Oh b o y oI stared at the screen as many before me have, attempting to close out and add. Alas, it had failed.
In utter terror I had realized: They had given the site a reputation system. Only the best of the best could get to the top of 200,000 points: how you loose the damned adds that were everywhere.
I chugged a handful of popcorn down my throat, gagged and wondered how I will get through life at this rate, and began typing once I got over my coughing fit. (My dog staring at me with dissapointment the entire time, as he should)
Five hundred and thirty-three characters. I will not fall into the deception of those before me, I know where the limit is after typing up many unfinished stories.
More popcorn, gagging, and silent judgment from my dog. Still not enough. I could hear the green duct from the YouTube series Don’t Hug Me I’m Scared screaming “tHeRe’s NoT eNoUgH tIme!!!1!1!” Over and over in my head.
Laughing, and glancing down, I looked at the word count. I was over halfway through this God-forsaken story that is no way on the list that I have dubbed “The banes of my existence.”

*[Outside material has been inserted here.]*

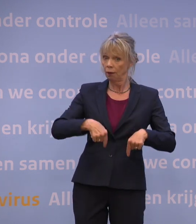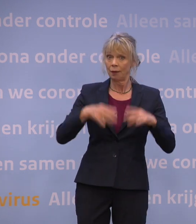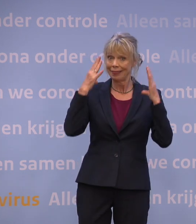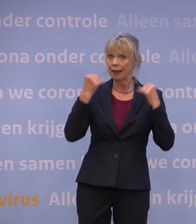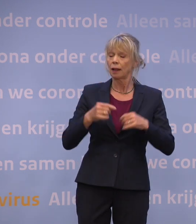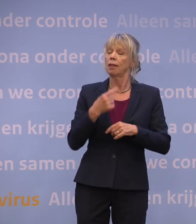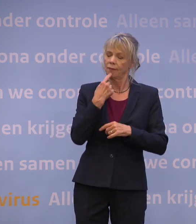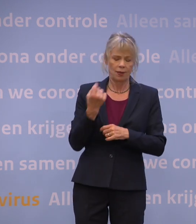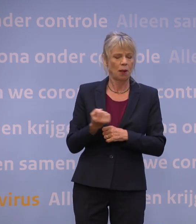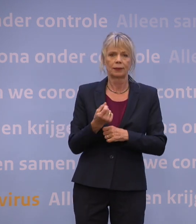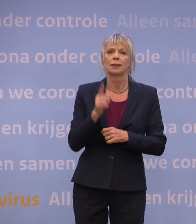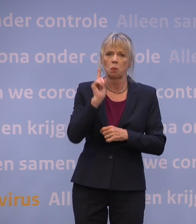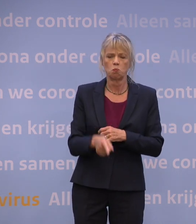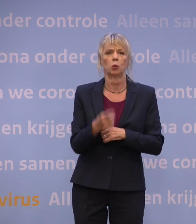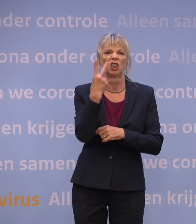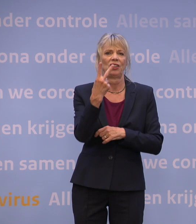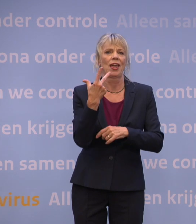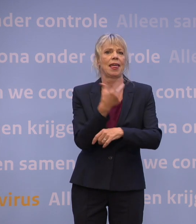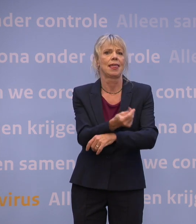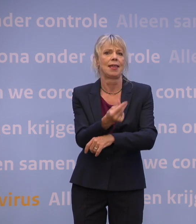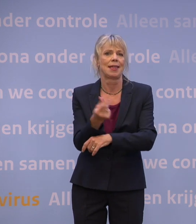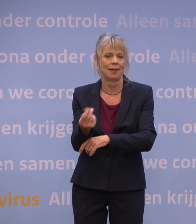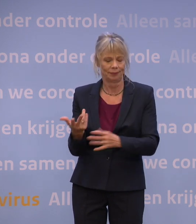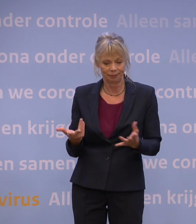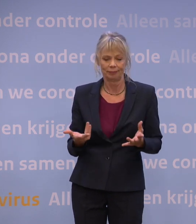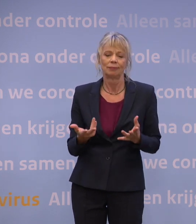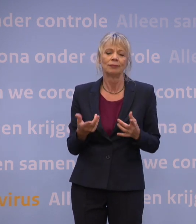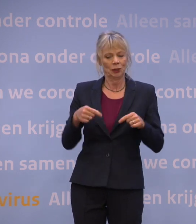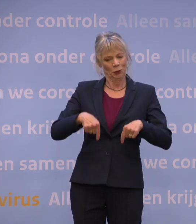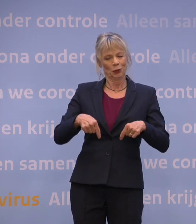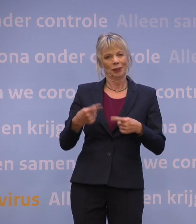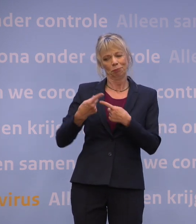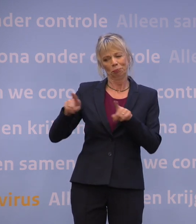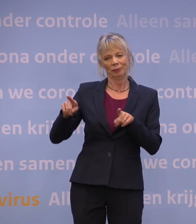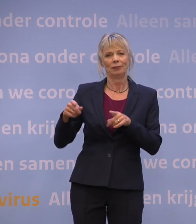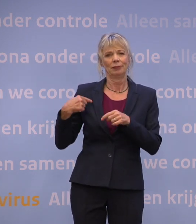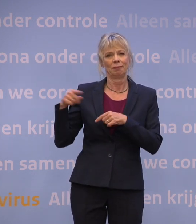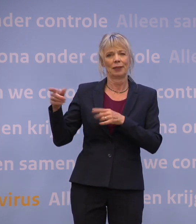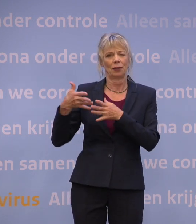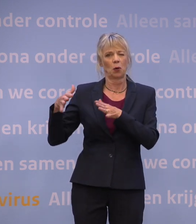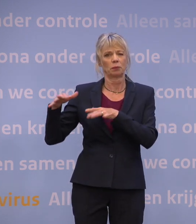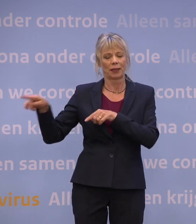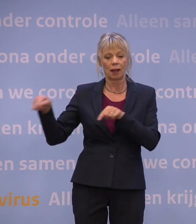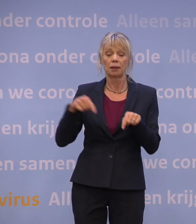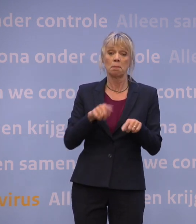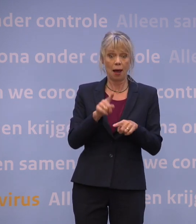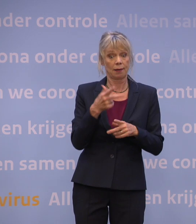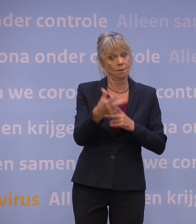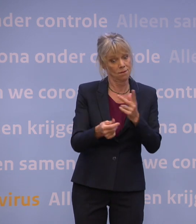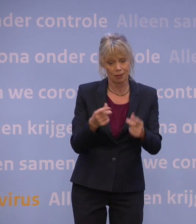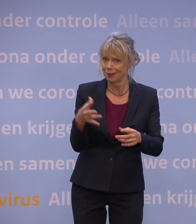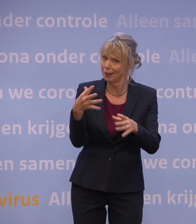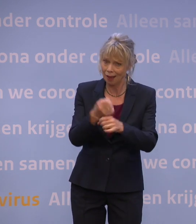prikken. En dus dat maakt ons wel enigszins anders. Niet min, vaccineren werkt. Dus alles

I stepped out after a few moments into the night and mild chill to freshen my senses, and just about choked to death walking there. This time it was actually not on popcorn.
One thousand, three hundred and twenty eight characters.
So close, but yet too goddamn far AWAY. I NEED REP POINTS GODDAMNIT.
WHY DO YOU HURT ME SO BADLY, QFEAST!? I HAVE BEEN SO KIND TO YOU, RARELY EVER CONPLAINING OF THE ISSUES ON THIS GOD-FORSAKEN SITE THAT IS THE DEFINITION OF DRAMA. I HAD SOLVED THE DRAMA YOU HAD NEGLECTED, AND THIS IS MY REPAYMENT. WHY DO YOU HURT ME SO, QFEAST!?
I WANT NOTHING MORE THAN TO GET MY ADVERTISMENTS FILLED WITH PERVERTED GAMES AND DRESS SHOPS I DISPISE SO MUCH. IT BURNS MY SOUL IN SUCH ADGITATING WAYS.
Oh, how I hate this system you have put into place. I dispised this ever-so much. Why must you hurt this small community this way?